I had a lovely couple of days with Paulette’s parents before she joined us on Friday night. Saturday morning she and I, along with her 3-year-old granddaughter Macy, took a walk along the sugar-sand beach. The late-autumn sun was sharply angled across the clear clear water that gives the Emerald Coast its name and, despite the calendar having just turned to November, children played in the water while their parents stretched out in deck chairs, dozing in the sunshine.

Watching Macy chasing and being chased by the waves out of the corners of our eyes, we strolled along the water’s edge and talked. Talked in tones that were slow and easy and cathartic. Talked about things and people from our shared past and from our separate presents. Talked about ourselves, where we had been and who we had become.

That afternoon we said good-bye and promised to get together again soon.

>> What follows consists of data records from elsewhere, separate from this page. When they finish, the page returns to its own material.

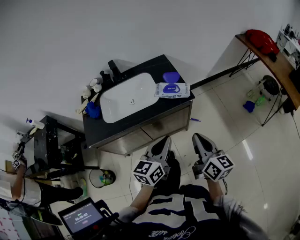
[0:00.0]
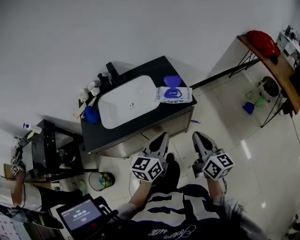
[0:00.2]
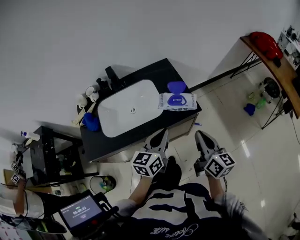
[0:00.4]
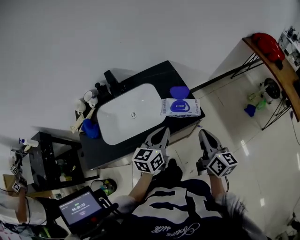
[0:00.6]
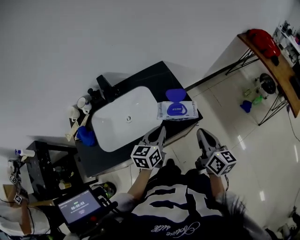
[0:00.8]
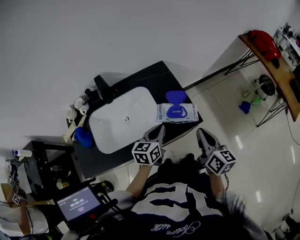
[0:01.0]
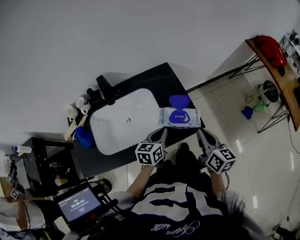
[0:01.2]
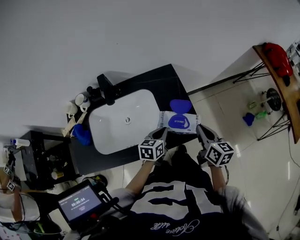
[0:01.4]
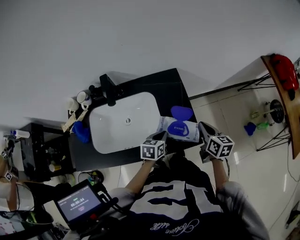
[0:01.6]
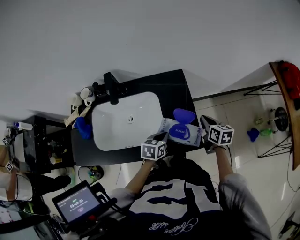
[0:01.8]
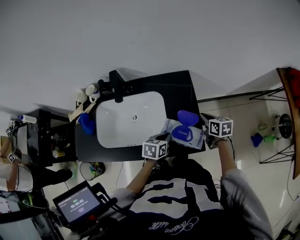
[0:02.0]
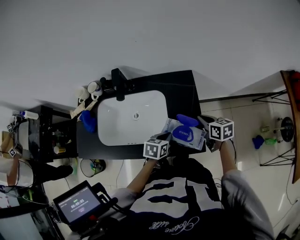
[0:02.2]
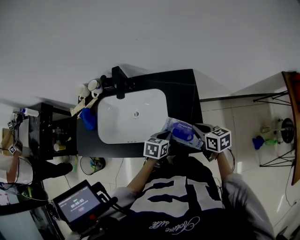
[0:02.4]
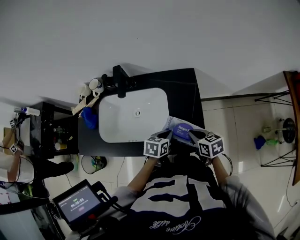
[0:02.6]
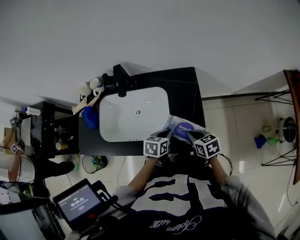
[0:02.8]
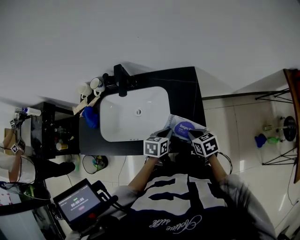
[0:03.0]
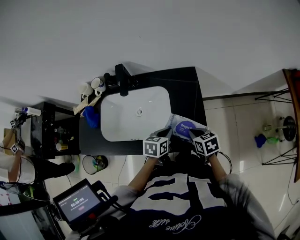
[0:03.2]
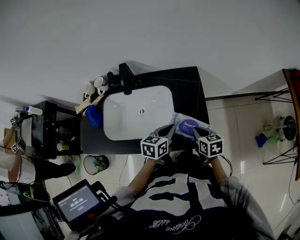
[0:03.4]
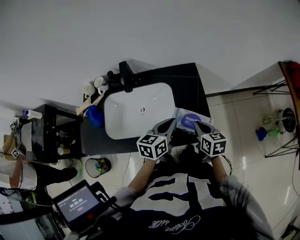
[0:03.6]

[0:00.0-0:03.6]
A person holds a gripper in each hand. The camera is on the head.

The photos I took on my trip, once developed, will show us, as before, with our arms around each other’s shoulders. The faces, though, will be different. No longer guileless or innocent or uninhibited. No longer the smooth faces of children, but the sculpted faces of women. Women who understand that – in the midst of a world that doesn’t always reward that which is authentic – one can always find a clear reflection, an undistorted image of who she is in the mirror of a friend.